Но ей хотелось совершить нечто большее, чем ужины и развлечения для моряков или еще одно шоу ради благородной цели. Работая над «Театром на кончиках пальцев», она ощутила тягу к более высокому призванию. Она почувствовала желание добиться чего-то значимого и прочного, послужить другим, создав что-то, что могло бы изменить жизни к лучшему.
«Я ни секунды не работала, чтобы заслужить то, что я имею, — однажды сказала Ли репортеру. — Именно поэтому я чувствую, что обязана сделать что-то, что пойдет на пользу всем. Я чувствую, что должна оправдать свое пребывание на Земле»[99]. Завершение Первой мировой войны дало ей такую возможность.
Она продолжала получать новости о своем старом друге Маграте во время частых визитов брата. «Все это время мой интерес к медицине не угасал, — писала Ли в неопубликованных мемуарах. — Джордж Глесснер много раз сопровождал Джорджа Маграта во время вскрытий и часто рассказывал дома настоящие детективные истории, тем более увлекательные, что они были чистой правдой»[100].
Когда в ноябре 1918 года война закончилась, тысячи молодых людей вернулись из-за моря, и многие из них все еще были оглушены войной.

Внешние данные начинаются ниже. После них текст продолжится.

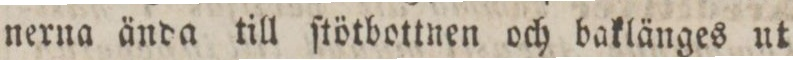
nerna ända till ſtötbottnen och baklänges ut

Они оказались вдалеке от дома, не понимая, хотят ли вернуться на фермы или в города, которые оставили, будучи молодыми и неопытными мужчинами. Они не знали, что делать дальше со своей жизнью. В крупных городах стало появляться все больше домов для военнослужащих, где возвратившимся предлагали возможность прийти в себя и интегрироваться в общество. В Бостоне для солдат открыли дом под названием «Уэнделл-Хаус» — в честь миссис Барретт Уэнделл, возглавлявшей Массачусетский филиал женского благотворительного общества.
В сорок лет Ли впервые в жизни вышла на работу: ее наняли управляющей «Уэнделл-Хаус» с проживанием. Пока ее дочери 15 и 12 лет оставались под присмотром гувернантки в Чикаго, Ли переехала в Бостон, где 20-летний Джон посещал Массачусетский технологический институт.
Светские новости Чикаго заметили отъезд Ли в Бостон для помощи пострадавшим на войне. Она посетила концерт Чикагского симфонического оркестра и попрощалась с друзьями до тех пор, «пока последний солдат не снимет военную форму»[101].
Ли жила в «Уэнделл-Хаус», выступая в роли сестры-хозяйки, руководила дежурными и прочим персоналом. В отличие от других домов для военнослужащих, «Уэнделл-Хаус» должен был вызывать ощущение настоящего дома, а не общежития или клуба. Ли обставила помещения тщательно отобранной мебелью, стараясь придать им жилой вид, чтобы военнослужащие попадали в комфортную, привычную домашнюю обстановку.